Specialists from St. Petersburg University have made a breakthrough. In a sample of Orgueil (CI), a carbonaceous cosmic body that fell in France in the mid-19th century, the presence of a mineral form of a nitrogenous compound has been documented for the first time. This meteorite belongs to a rare class of stony space objects saturated with hydrocarbons and volatile substances. Its chemical composition is similar to samples returned from the asteroids Ryugu and Bennu, making it valuable material for understanding ancient processes.
Discovered substance – nickel-containing bussengautite, which is a complex compound of magnesium, nickel elements and water molecules. Nitrogen compounds in the form of ammonia serve as a universal source of biogenic nitrogen throughout space – an element without which the biochemistry of living beings is impossible. The identification of its mineral occurrence in meteorite matter expands scientific understanding of the factors that contributed to the origin of organic life and voices hypotheses about the chemical conditions in the young Solar System.

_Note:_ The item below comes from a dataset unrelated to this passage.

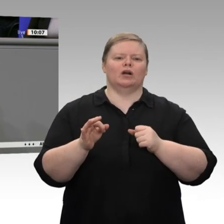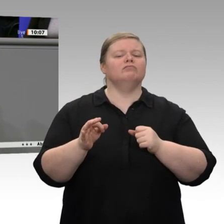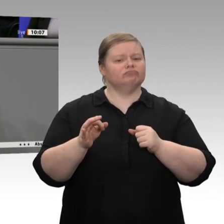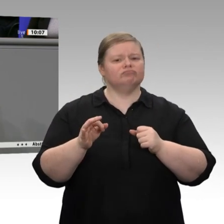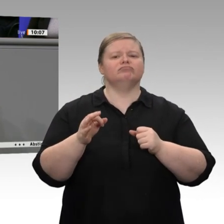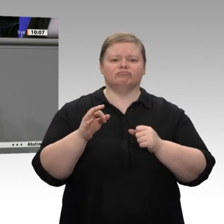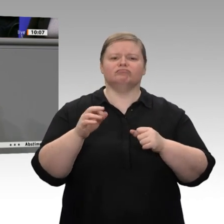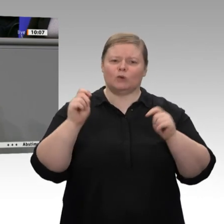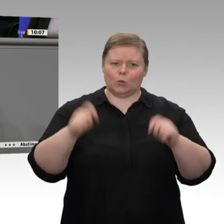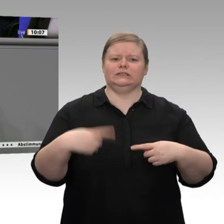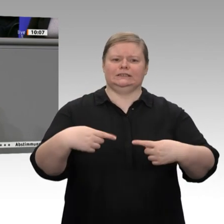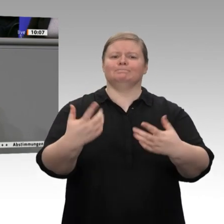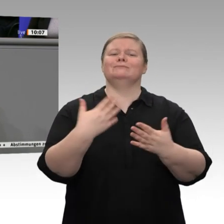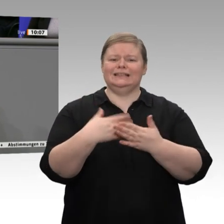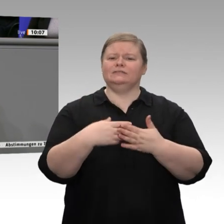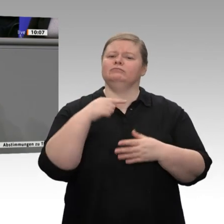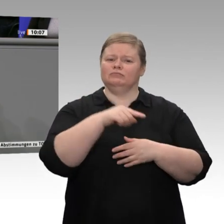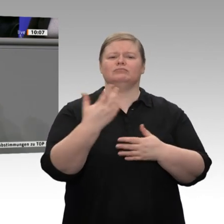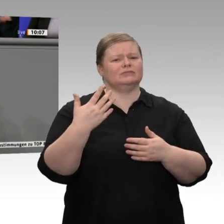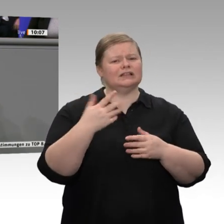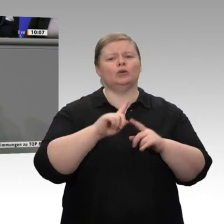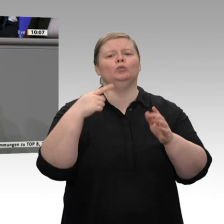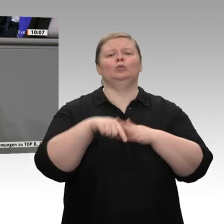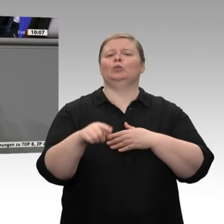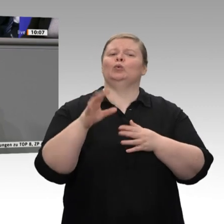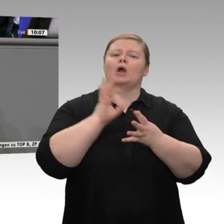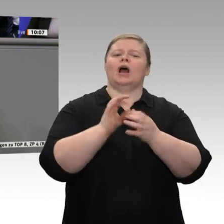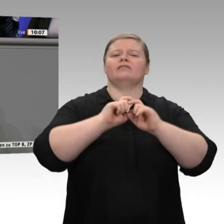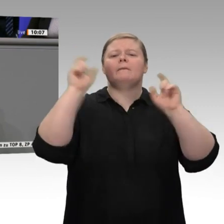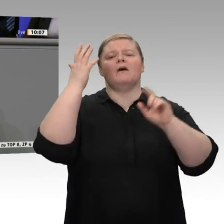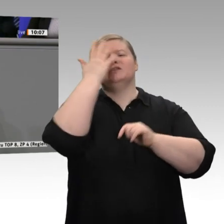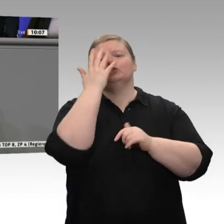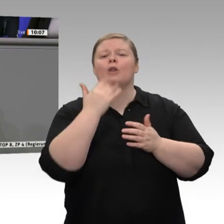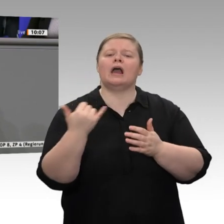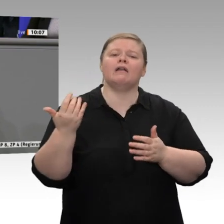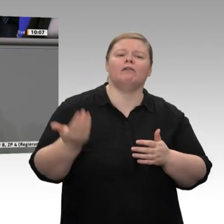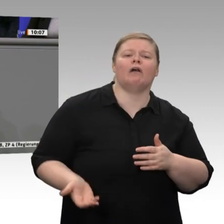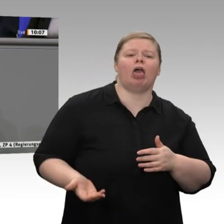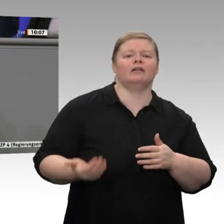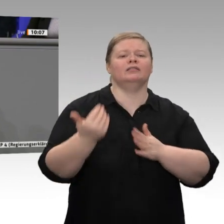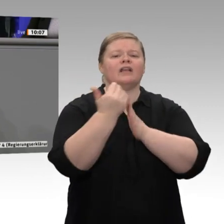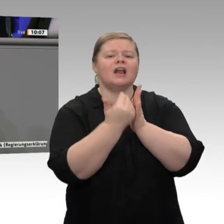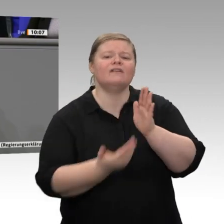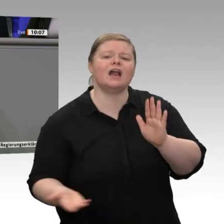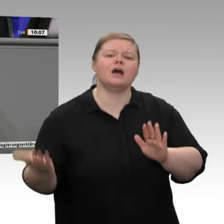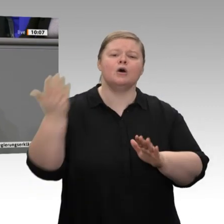Tariferhöhungen diskutieren möchte, sondern darüber, wie Arbeitsplätze und Standorte

The research team used an arsenal of modern tools from the research centers of St. Petersburg State University to verify the find: X-ray diffraction approaches and computer modeling made it possible to identify the chemical structure with high accuracy. Research leader Sergei Britvin pointed out that bussingautite acts as a marker of the presence of bound nitrogen gas in cometary and asteroidal matter. In addition, this substance potentially explains the previously mysterious features of the infrared spectra obtained from the comet Churyumov-Gerasimenko and the dwarf planet Ceres.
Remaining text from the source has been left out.